Dataset excerpts:
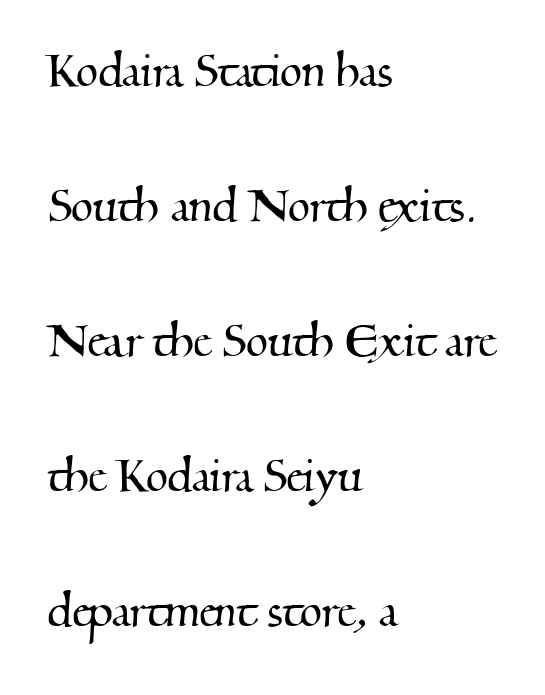
Check under the words: just untouched page. Notice the wide empty band between every row — that's loose leading. A typesetter would call this proportional, since set widths differ per character. Here the glyphs are tracked normally, forming tight word shapes.
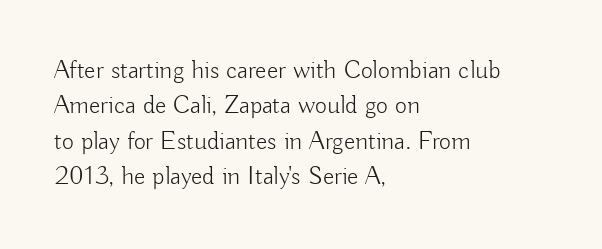
Vertically, the passage feels balanced, rows spaced as you'd expect. No italicization has been applied; the sample stays upright. A bare baseline throughout the passage. Think standard paragraph weight, or any step lighter than that.
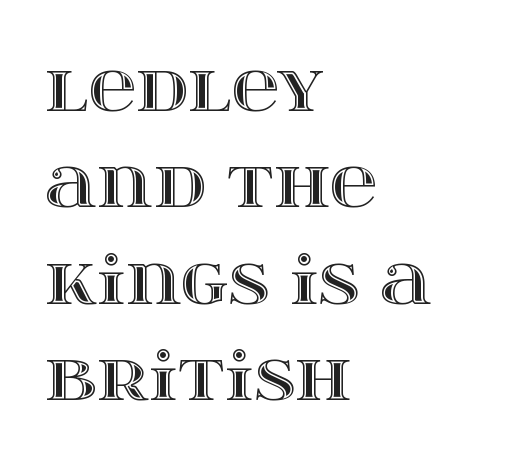
Q: Is the text italic (slanted)? A: No, it is upright.
Q: Is the text underlined? A: No.
Q: How is the paragraph aligned? A: Left-aligned.
Q: Is the spacing between letters normal or unusually wide? A: Normal.
Q: Is the spacing between lines tight, normal or loose? A: Normal.
Q: Width (condensed, normal, or wide)? A: Wide.
Q: x-height? A: Large.
Q: Monospaced? A: No.
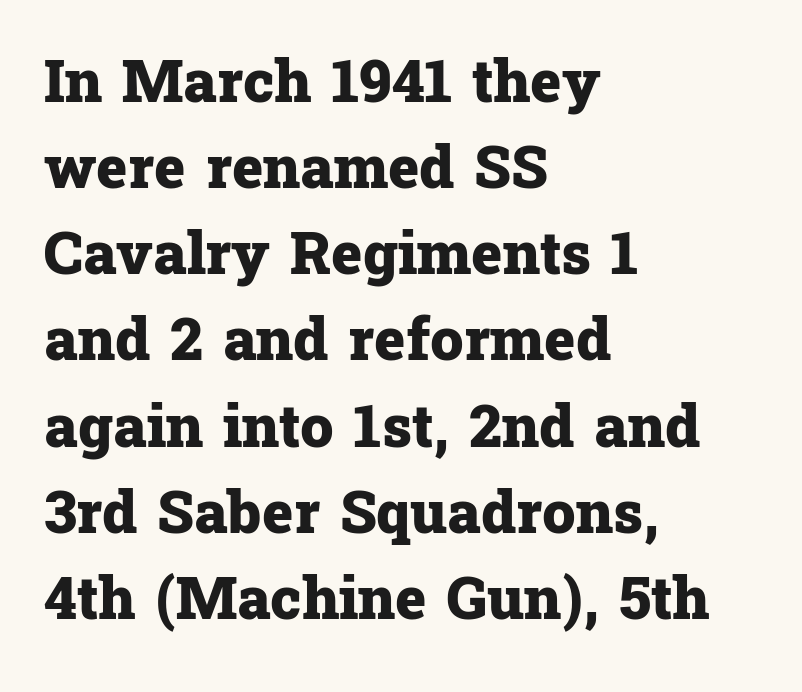
The image shows 59 px heavy serif type, upright; set left-aligned, normal line spacing (1.46x), normal letter spacing, not underlined; low stroke contrast and a medium x-height.
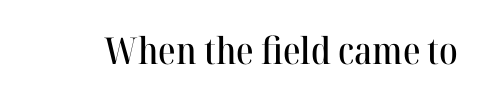
{"serif": "yes", "italic": "no", "width": "normal", "stroke_contrast": "high", "x_height": "medium", "monospaced": "no", "underline": "no", "letter_spacing": "normal", "letter_spacing_em": 0.0, "glyph_px": 37}
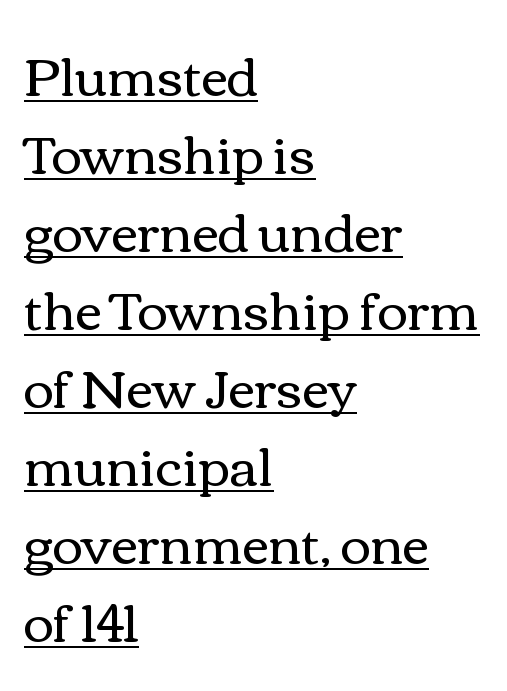
The image shows 52 px regular-weight, wide type, upright; set left-aligned, normal line spacing (1.5x), normal letter spacing, underlined; a medium x-height.

◆ WORK ORDER: Check every line above for the string "serif", and copy the ones that have it.

◆ RESPONSE FOR THIS EXERCISE:
The image shows 59 px heavy serif type, upright; set left-aligned, normal line spacing (1.46x), normal letter spacing, not underlined; low stroke contrast and a medium x-height.
{"serif": "yes", "italic": "no", "width": "normal", "stroke_contrast": "high", "x_height": "medium", "monospaced": "no", "underline": "no", "letter_spacing": "normal", "letter_spacing_em": 0.0, "glyph_px": 37}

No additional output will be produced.